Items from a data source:
====
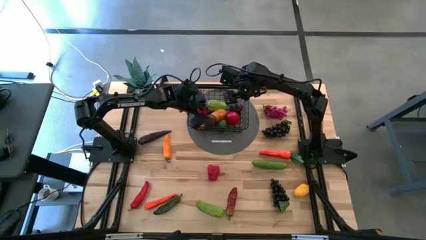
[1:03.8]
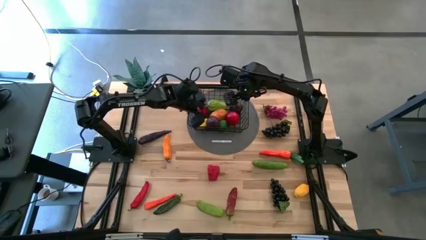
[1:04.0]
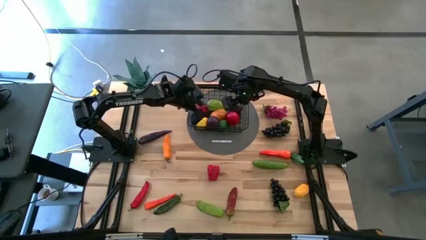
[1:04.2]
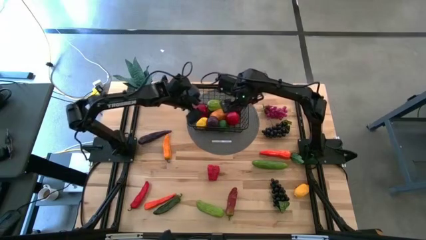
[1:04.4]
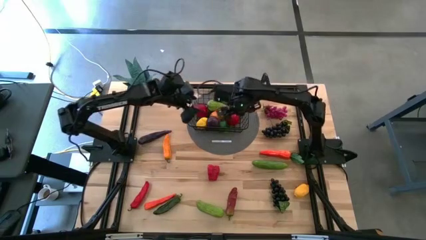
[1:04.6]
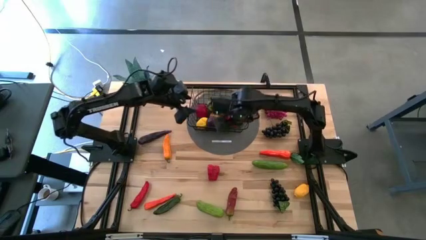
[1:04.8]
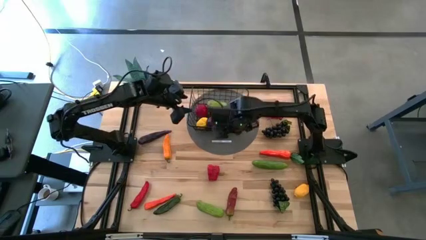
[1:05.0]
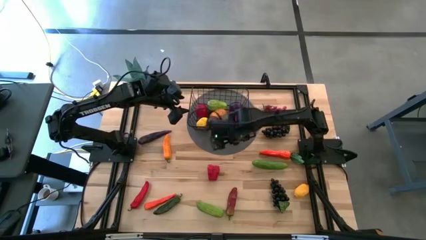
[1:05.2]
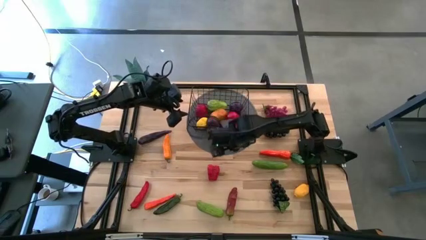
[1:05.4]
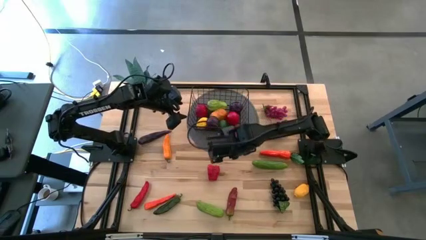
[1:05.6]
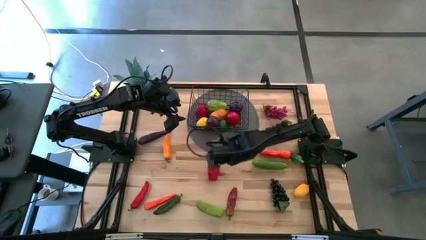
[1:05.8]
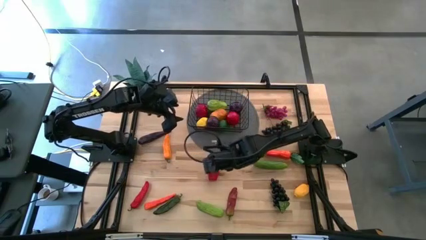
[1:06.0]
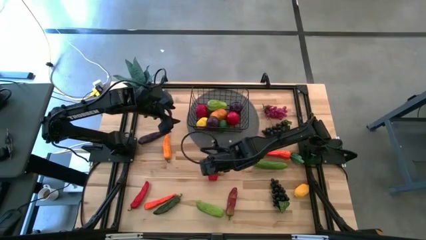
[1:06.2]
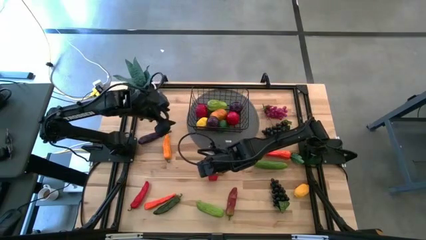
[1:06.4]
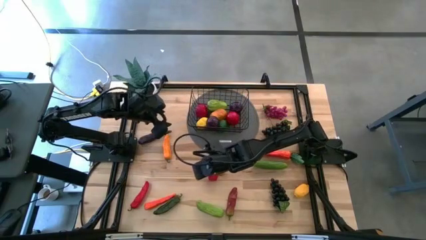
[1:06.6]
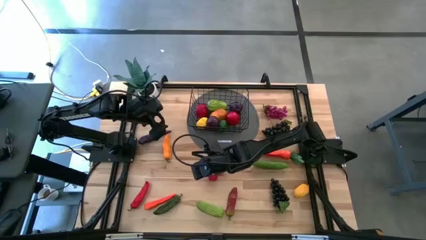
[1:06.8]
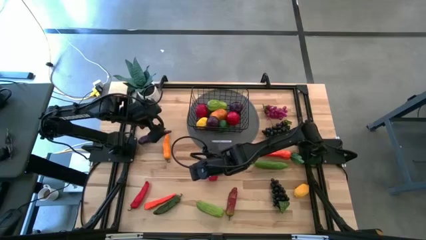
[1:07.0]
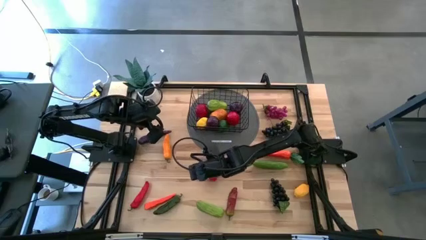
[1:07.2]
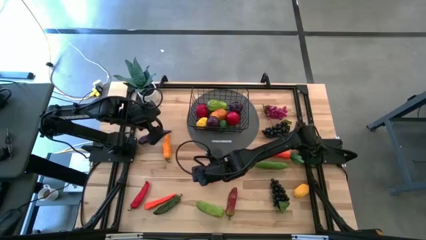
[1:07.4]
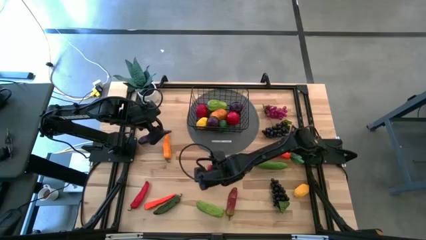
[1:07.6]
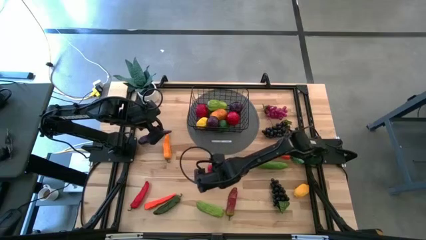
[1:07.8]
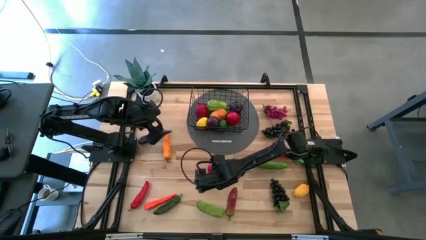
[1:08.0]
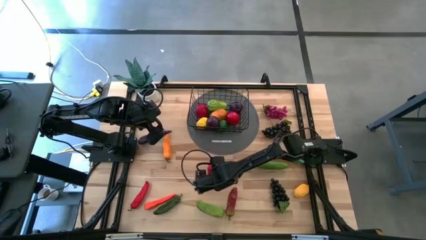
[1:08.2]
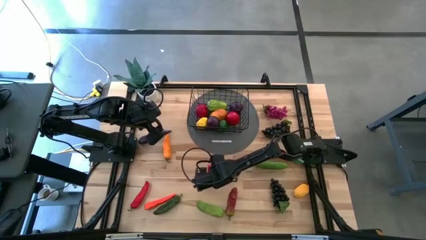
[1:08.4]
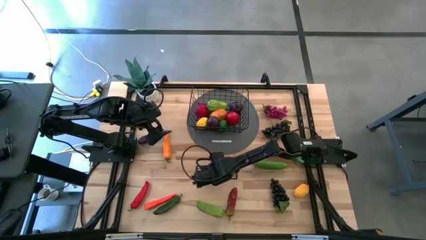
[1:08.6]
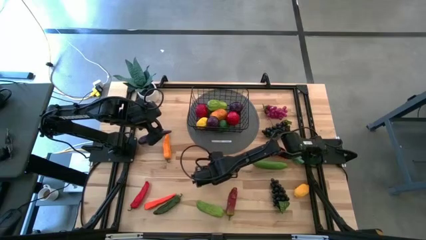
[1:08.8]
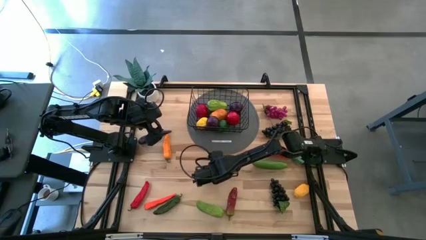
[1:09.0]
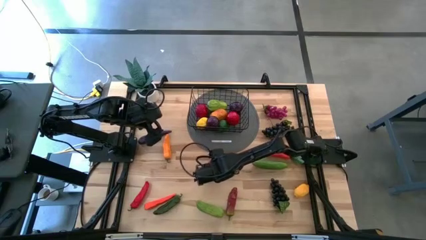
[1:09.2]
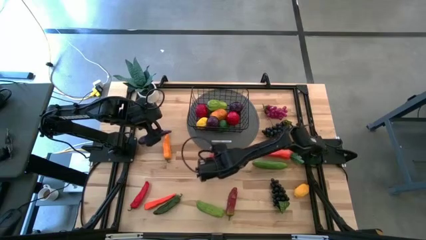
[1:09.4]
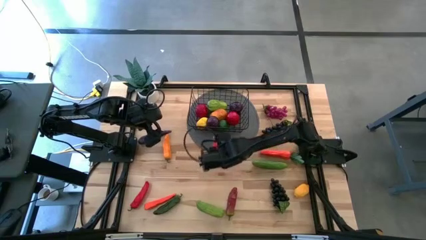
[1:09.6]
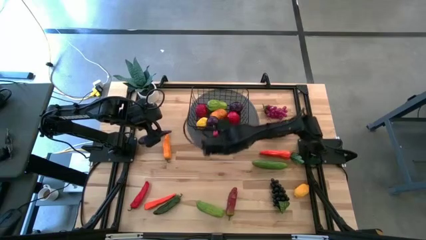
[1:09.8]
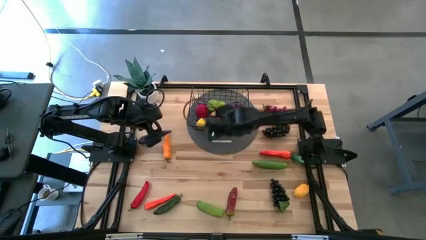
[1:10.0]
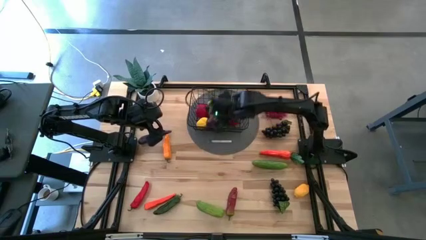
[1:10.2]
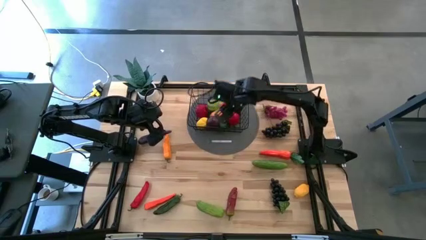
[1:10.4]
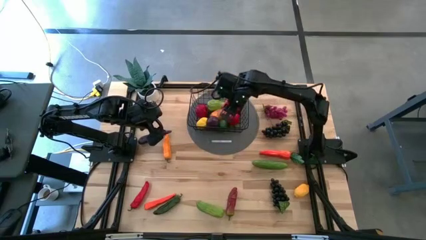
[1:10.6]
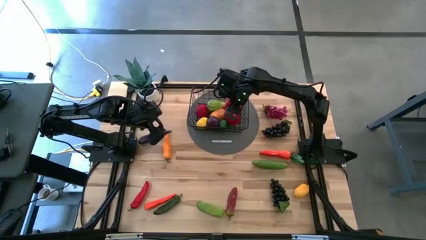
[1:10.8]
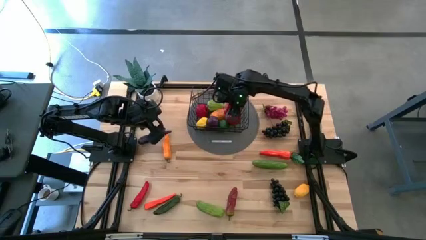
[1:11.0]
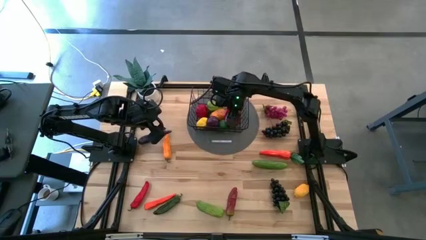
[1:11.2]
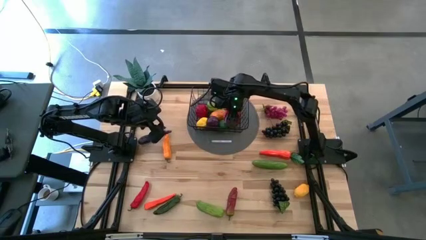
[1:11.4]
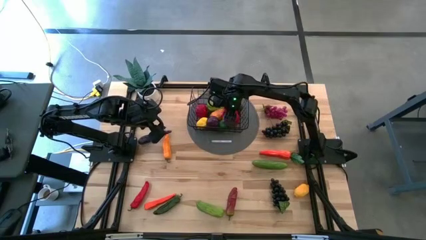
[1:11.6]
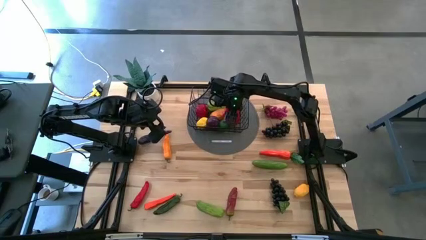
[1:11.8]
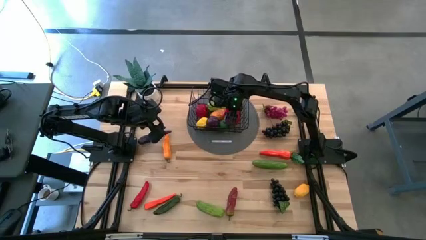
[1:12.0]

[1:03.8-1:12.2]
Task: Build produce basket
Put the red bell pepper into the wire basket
====
* **Your goal**
Reproduce the complete set of records verbatim and omit the pictures.

* **Expected output**
[1:03.8]
[1:04.0]
[1:04.2]
[1:04.4]
[1:04.6]
[1:04.8]
[1:05.0]
[1:05.2]
[1:05.4]
[1:05.6]
[1:05.8]
[1:06.0]
[1:06.2]
[1:06.4]
[1:06.6]
[1:06.8]
[1:07.0]
[1:07.2]
[1:07.4]
[1:07.6]
[1:07.8]
[1:08.0]
[1:08.2]
[1:08.4]
[1:08.6]
[1:08.8]
[1:09.0]
[1:09.2]
[1:09.4]
[1:09.6]
[1:09.8]
[1:10.0]
[1:10.2]
[1:10.4]
[1:10.6]
[1:10.8]
[1:11.0]
[1:11.2]
[1:11.4]
[1:11.6]
[1:11.8]
[1:12.0]

[1:03.8-1:12.2]
Task: Build produce basket
Put the red bell pepper into the wire basket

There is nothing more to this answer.